Zimbabwe: Infighting Threatens Zimbabwe's Main Opposition Party

Photo: IRIN
MDC's Morgan Tsvangirai.

Zimbabwe's main opposition party MDC is facing a crisis. It failed to end President Mugabe's long-time grip on power when it was defeated in the last election. Now infighting has effectively split the party.

One year ago Zimbabwe's most important opposition party was still part of the government, in a power-sharing arrangement with Robert Mugabe's ZANU-PF. Today the Movement for Democratic Change (MDC) is threatening to disintegrate. Quarreling factions within the party have now taken the gloves off: Last weekend a group affiliated with Secretary-General Tendai Biti announced that Morgan Tsvangirai, the party's leader and a former prime minister, was being suspended. He was accused of having betrayed the party he had founded.

But Tsvangirai was not about to take this lying down. He rallied his supporters, who on Tuesday (29.04.2014) in turn voted to expel Biti, along with the others who had taken part in the revolt against the party chief. "They have betrayed the people," Tsvangirai said after the vote. "This is a democratic party, but they cannot pretend that they are MDC-T, because they are not."

As MDC leaders Tendai Biti  and Morgan Tsvangirai  quarrel, the party heads for a split

Important counterweight to long-time ruler Mugabe

Tsvangirai, a former union leader, has been at the helm of the party since it was formed 15 years ago. The party quickly attracted numerous supporters and presented the first serious challenge to long-time President Robert Mugabe since he came to power after the country's independence in 1980. Tsvangirai won the first round of the presidential election in 2008, but then withdrew from the run-off after Mugabe supporters brought massive pressure to bear on the opposition and bloody clashes broke out. In the end the adversaries agreed on a power-sharing arrangement between the MDC and Mugabe's Zimbabwe African National Union-Patriotic Front (ZANU-PF). Mugabe held on to the presidency, Tsvangirai became prime minister and Tendai Biti became the country's finance minister. In the next elections in July 2013, however, the MDC was defeated so resoundingly that Mugabe now rules alone once again.

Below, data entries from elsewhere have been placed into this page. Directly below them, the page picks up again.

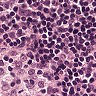
Metastatic tissue present: no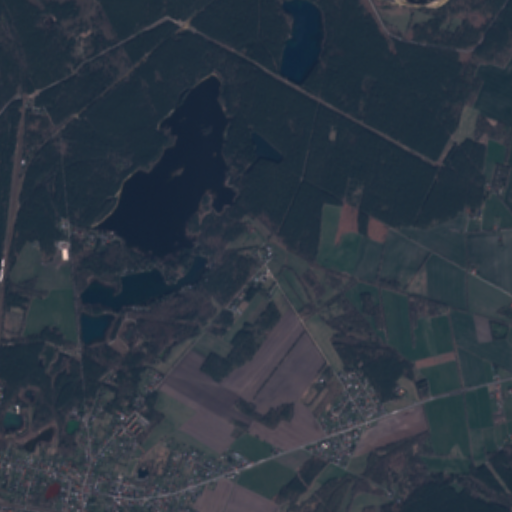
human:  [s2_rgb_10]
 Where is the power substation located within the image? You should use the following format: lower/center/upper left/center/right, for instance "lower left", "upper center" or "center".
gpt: The power substation is located in the lower right of the image.
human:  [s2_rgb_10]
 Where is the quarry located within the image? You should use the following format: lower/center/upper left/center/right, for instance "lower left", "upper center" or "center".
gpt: The quarry is located in the upper right of the image.
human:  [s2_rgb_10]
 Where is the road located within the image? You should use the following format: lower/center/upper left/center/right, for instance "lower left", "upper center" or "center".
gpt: There is no road in the image.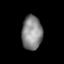
Tissue: lung
Cell type: Epithelial cells
Senescence score: 0.2251
Nuclear area (px): 676
Mean DAPI intensity: 136.423

Although many continue to doubt that those elections were free and fair, Tsvangirai had to shoulder the blame for the defeat. His detractors are alleging that during his years in power, Tsvangirai had strayed from the values of the party and adopted some of his opponent's controversial ways of doing things. "It's a question of whether you are adhering to the principles and values of the political party that you stand for," Charles Mangungera, a spokesman for the critics in Tsvangirai's party told DW. "The MDC was founded on the values of democracy, non-violence, respect for divergent opinion," he added. Many in the party feel that these values have been betrayed by its chairman.

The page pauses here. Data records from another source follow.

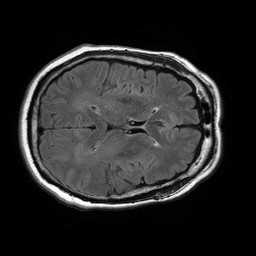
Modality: FLAIR
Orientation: axial
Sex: female
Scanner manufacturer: philips
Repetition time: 11 s
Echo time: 0.125 s
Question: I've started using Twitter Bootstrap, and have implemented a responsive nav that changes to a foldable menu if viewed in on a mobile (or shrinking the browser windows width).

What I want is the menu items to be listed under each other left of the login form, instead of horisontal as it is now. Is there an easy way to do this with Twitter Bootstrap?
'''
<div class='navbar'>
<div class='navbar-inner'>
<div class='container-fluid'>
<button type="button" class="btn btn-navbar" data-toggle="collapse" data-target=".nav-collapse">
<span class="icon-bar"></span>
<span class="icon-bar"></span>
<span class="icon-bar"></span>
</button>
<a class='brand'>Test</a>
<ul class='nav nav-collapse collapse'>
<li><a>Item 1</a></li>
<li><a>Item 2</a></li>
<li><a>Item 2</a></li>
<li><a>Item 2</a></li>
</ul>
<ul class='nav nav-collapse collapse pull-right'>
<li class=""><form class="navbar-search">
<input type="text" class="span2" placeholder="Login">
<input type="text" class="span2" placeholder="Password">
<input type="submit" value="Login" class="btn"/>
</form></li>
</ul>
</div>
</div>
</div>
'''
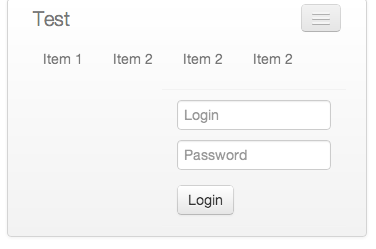
Answer: Since the 'LI''s are probably floated or defined as 'inline-block', you need to change their CSS rule to 'clear:both' or 'display:block' respectively. Then you need to float the entire menu to the left, and the login form to the right.
You can make those changes responding to the 'resize' event, using JQuery's 'css' method

Envy and political intrigues

Some have voiced the suspicion that President Mugabe is exacerbating differences within the MDC

That the years in government (from 2008 to 2013) were not easy for the MDC is beyond dispute, according to Peter Ripken, a German expert on Zimbabwe. Ripken, who once headed the Southern Africa Information Center (Informationsstelle südliches Afrika), a German society providing information resources on Southern Africa, has been to Zimbabwe often and knows many of the country's opposition politicians.

Ripken told DW that while Tsvangirai was a member of the government, Mugabe "vigorously blocked him over and over again and kept him in check," so that Tsvangirai was hardly able to do his job. On top of that came Tsvangirai's envy of two ministers from his own party. One of them was Tendai Biti, whom Tsvangirai has now sacked. "Tsvangirai couldn't stomach that the two ministers, who also occasionally criticized him within his party, were more successful than he was," Ripken said.

But there are also those who suspect that Mugabe, Zimabwe's 90-year-old ruler, is behind the current dispute within the opposition party. According to Ripken, there is a rumor circulating that Mugabe himself had encouraged Tsvangirai's critics. The reason could be that Tsvangirai has already threatened Mugabe's grip on power in several elections. Tsvangirai has a lot of supporters in the country. "Mugabe probably still thinks that whoever will succeed him as a candidate in a future presidential election doesn't really stand a chance against Tsvangirai," Ripken said. Although the time is ripe, Mugabe and his party have not yet determined who that successor will be.

'A disaster for Zimbabwe'

What the MDC will look like at that point is unclear. Many observers think a split can now hardly be averted. Defeating Mugabe's powerful ZANU-PF in the next election, however, would require a strong alliance.

All the same, these latest developments are no cause for the ruling party to rejoice, Zimbabwean analyst Ibbo Mandaza says. "They must be concerned that the opposition is about to collapse," he told DW, adding that if the MDC fell apart, it would be a disaster for the country, as people would become desperate. So far people had seen the MDC as an alternative to the ruling party, Mandaza said, warning that "social unrest can be a reality."